Watson told Mary about his past liaisons, of course. She didn't particularly mind (the fact that for all his blithe sensuality, she was the first woman he'd actually been in love with may have had something to do with that).

He kept up his membership in a particular club catering to gentlemen of a certain persuasion after his marriage in order to keep in touch with some of his friends, politely declining any offers of physical intimacy with an 'I'm afraid I'm spoken for.' On a few occasions, indeed, Mary called at the club to let him know that a patient needed him; twice some of the club's cross-dressing members and guests mistook her for one of themselves and swept her up for a consultation on beautifying methods. On one such occasion, Holmes, having been disguised as one of the club's waiters on the trail of a case, was seized by inspiration, broke cover, and attempted to collect Watson for a quick chase; there was something of an awkward confrontation which Holmes cut short by beginning "My dear Watson, you know me to be erratic in my habits," passing through many and various other failings as a coinhabitant, and finishing "I am not, however, unobservant", before sweeping off -- followed, after a moment, by both Watsons, to general applause and approbation.
  

  10. The paragraph about 'my wife had gone to her mother's' near the beginning of "The Five Orange Pips" was the idea for a beginning of a story that JHW had absentmindedly jotted down in the margin of the manuscript copy that accidentally got sent to the _Strand_ : it was inserted by a bemused copy-editor into the story proper. (JHW was annoyed. ACD was amused. Mary nearly died laughing and promptly began teasing her husband about this mythical first wife, keeping it up as an ever-more-elaborate joke that, in its final form, established the lady's mother as the Ranee of Magadha.) 

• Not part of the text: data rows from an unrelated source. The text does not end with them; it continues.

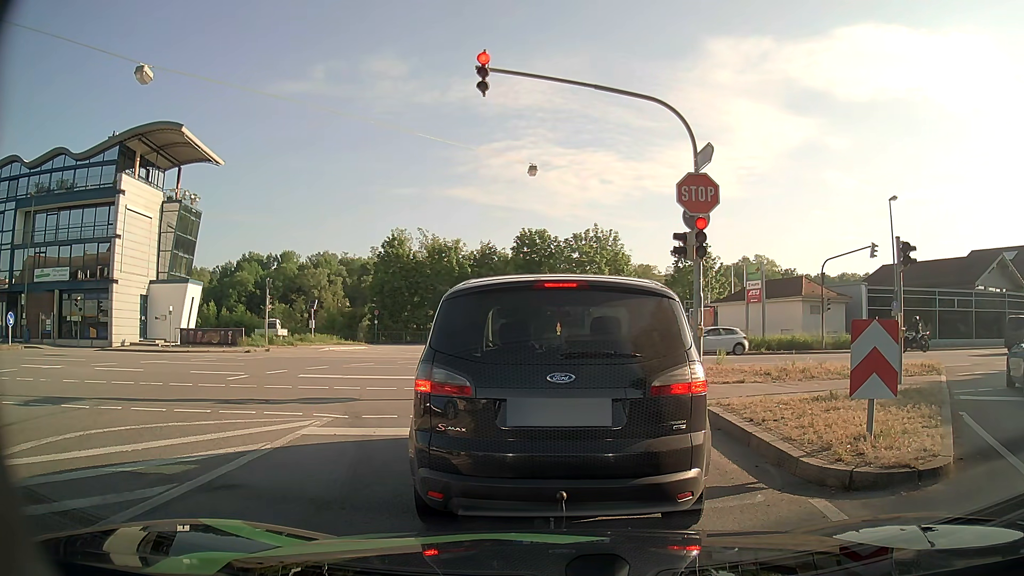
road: tertiary_link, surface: asphalt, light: Day
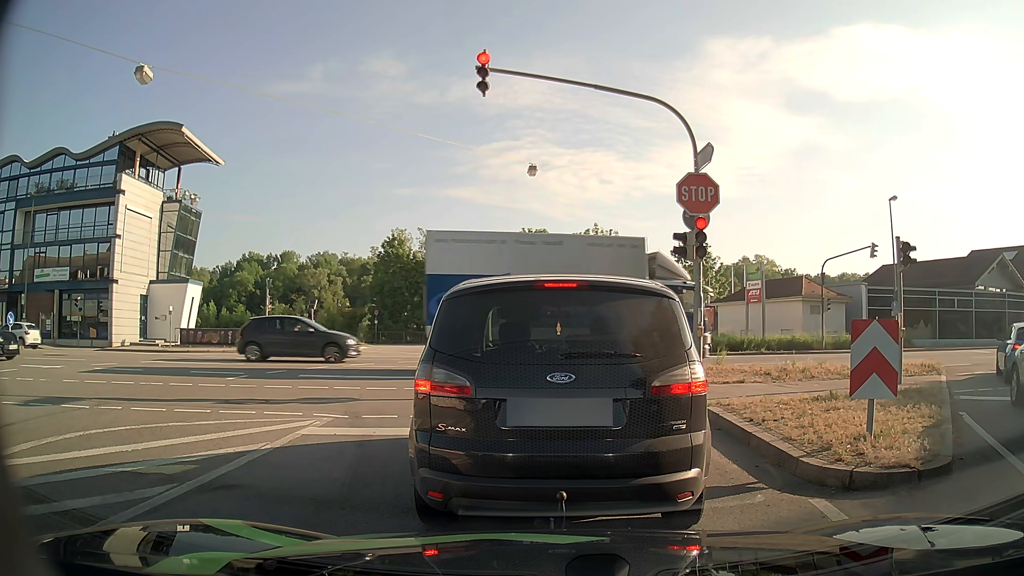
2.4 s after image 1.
(0.0, 0.0) m; 0°
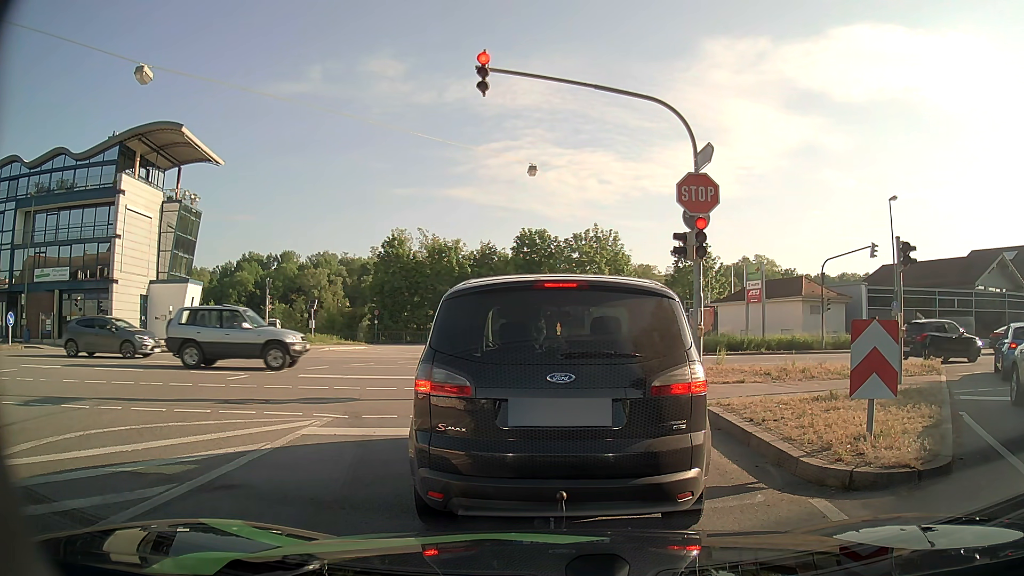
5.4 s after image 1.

Other such editorial emendations were 'baritsu' for 'jhujutsu' in "The Empty House" (although that may have been due to the hired typist, and in either case the responsible party was probably thinking of 'bartitsu') and 'Chaldean' for 'Tartessean' in "The Devil's Foot" (which Holmes got very annoyed indeed about, possibly because Chaldean ancestry was a particular academic's crackpot theory); _Beeton's Christmas Annual_ 's sacrifice of the final '-er' in 'his wrists are fairer' to the requirements of typesetting (copied in all later reprints of STUD, though not the _Reminiscenses_ ) seems mild and innocuous by comparison.

  

  11. At least one of Watson's near ancestors is Marathi. John H. Watson (the H. after his father) can pass for fully European, and has been doing so, to his self-disgust. His brother can't. 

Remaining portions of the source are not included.